VI. 2. THE CLAIMANT COULD HAVE SOLD THE UNRIPENED BANANAS
The main purpose for which the claimant purchased unripened bananas was to resell them to
grocery stores in Astoria.119
As per Mr. Bartolo‟s report, those bananas which were still green
could have been sold to the grocery stores.120
It has been held that the buyer does not have a
right to terminate a contract if he can resell the goods in the ordinary course of business,
albeit for a lower price.121
Furthermore, in a contract involving delivery of meat, wherein the
value of the meat was about 25% less than what was agreed, it was held that there was no
fundamental breach as the delivered meat could have been reasonably resold on by the buyer
which might then have been compensated by a claim for damages.122
It is submitted that the
Claimant was clearly in a position to sell the remaining 70% of the unripened bananas to its
customers in Astoria in its normal course of business.
119 Moot proposition, p. 7. 120 Further Corrections and Clarifications, ¶. 16. 121 Supra note 104. 122 Supra note 105.

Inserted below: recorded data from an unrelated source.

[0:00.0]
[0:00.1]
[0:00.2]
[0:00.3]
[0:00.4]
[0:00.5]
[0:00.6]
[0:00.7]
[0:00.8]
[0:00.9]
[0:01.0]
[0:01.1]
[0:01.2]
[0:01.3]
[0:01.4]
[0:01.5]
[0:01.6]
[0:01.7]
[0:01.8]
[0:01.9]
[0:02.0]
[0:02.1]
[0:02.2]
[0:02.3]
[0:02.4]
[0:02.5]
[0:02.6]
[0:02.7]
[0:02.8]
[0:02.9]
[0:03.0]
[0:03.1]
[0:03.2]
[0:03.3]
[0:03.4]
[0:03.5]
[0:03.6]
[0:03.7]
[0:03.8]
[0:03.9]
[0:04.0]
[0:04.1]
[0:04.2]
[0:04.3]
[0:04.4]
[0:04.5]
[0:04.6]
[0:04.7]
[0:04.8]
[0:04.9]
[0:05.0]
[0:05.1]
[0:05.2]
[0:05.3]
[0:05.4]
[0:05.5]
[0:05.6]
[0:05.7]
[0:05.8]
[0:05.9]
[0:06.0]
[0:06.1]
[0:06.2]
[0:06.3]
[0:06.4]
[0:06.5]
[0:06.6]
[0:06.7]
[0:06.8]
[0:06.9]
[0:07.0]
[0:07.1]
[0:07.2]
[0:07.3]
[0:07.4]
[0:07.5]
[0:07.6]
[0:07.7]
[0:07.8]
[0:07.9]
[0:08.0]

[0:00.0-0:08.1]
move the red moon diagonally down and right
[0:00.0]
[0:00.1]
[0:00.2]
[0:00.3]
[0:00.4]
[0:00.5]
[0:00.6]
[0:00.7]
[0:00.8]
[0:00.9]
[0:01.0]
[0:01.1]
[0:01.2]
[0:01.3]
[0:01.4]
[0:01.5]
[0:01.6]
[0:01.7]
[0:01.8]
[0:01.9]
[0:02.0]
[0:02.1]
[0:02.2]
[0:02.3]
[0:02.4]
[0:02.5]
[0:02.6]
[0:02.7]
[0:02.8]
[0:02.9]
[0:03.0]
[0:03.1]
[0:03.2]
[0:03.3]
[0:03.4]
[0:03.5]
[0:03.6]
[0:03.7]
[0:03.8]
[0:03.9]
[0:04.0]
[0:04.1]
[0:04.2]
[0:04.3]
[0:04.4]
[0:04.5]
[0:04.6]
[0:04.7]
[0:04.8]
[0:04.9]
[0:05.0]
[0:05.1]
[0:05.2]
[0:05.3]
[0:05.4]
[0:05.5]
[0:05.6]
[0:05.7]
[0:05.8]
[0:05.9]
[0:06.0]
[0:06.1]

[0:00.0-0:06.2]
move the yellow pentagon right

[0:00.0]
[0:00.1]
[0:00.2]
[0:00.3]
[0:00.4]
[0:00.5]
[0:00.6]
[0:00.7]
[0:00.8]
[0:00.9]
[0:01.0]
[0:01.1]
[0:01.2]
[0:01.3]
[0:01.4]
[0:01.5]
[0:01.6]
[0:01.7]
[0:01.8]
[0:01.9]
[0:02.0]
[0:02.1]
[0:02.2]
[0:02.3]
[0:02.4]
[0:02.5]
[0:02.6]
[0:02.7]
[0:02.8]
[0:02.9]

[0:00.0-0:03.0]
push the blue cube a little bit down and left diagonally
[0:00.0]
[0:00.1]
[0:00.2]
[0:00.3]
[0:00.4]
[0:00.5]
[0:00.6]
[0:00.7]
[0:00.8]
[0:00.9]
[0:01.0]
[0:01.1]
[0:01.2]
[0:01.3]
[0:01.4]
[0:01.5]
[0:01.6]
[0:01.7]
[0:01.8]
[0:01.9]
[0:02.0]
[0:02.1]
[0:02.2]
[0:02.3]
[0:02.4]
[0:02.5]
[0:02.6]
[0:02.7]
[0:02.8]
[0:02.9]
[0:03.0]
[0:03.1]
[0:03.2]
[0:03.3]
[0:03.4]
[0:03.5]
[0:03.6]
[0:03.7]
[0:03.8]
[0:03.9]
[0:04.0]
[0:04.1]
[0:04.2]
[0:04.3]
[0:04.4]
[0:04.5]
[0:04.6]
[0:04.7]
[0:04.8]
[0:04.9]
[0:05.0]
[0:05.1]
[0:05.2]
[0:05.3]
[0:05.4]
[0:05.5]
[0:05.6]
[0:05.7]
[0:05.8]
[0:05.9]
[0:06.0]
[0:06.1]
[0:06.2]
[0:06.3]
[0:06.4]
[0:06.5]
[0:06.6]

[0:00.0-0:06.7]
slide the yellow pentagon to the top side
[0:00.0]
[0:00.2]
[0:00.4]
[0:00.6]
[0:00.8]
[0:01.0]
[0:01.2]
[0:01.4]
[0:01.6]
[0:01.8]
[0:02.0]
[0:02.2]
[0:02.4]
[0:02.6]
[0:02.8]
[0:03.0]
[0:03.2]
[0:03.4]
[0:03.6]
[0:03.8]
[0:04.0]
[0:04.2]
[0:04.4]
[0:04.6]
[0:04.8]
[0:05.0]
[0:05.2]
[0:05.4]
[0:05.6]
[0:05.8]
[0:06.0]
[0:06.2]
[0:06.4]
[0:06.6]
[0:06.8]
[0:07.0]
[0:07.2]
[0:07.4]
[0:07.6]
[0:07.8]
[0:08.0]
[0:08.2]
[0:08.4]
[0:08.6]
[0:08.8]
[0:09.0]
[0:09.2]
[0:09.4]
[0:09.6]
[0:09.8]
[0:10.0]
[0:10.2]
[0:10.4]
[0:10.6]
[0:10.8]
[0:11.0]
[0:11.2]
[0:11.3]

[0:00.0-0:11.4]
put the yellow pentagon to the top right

-31- MEMORIAL ON BEHALF OF THE RESPONDENT
PRAYER FOR RELIEF
We respectfully make the above submissions on behalf of our client Rolga Farmer‟s
Exchange. The RESPONDENT requests the tribunal to find that:
1. There is no Agreement between Astoria Produce Company and Rolga Farmer
Exchange conferring the authority on the tribunal to resolve the dispute.
2. The Arbitral tribunal has been improperly constituted.
3. The arbitral tribunal does not have the authorty to impose a fine on Rolga Farmer
Exchange.
4. UNIDROIT is the applicable law governing the dispute.
5. There is no breach of obligation on the part of Rolga Farmer‟s Exchange.
6. Astoria Produce Company has illegitimately terminated the Contract.
7. AP was obligated to take the delivery of the bananas.
8. The legal obligation to sell the bananas vested with AP. However, if the tribunal finds
otherwise, it is requested that the tribunal may declare
RFE was not obligated to sell the bananas.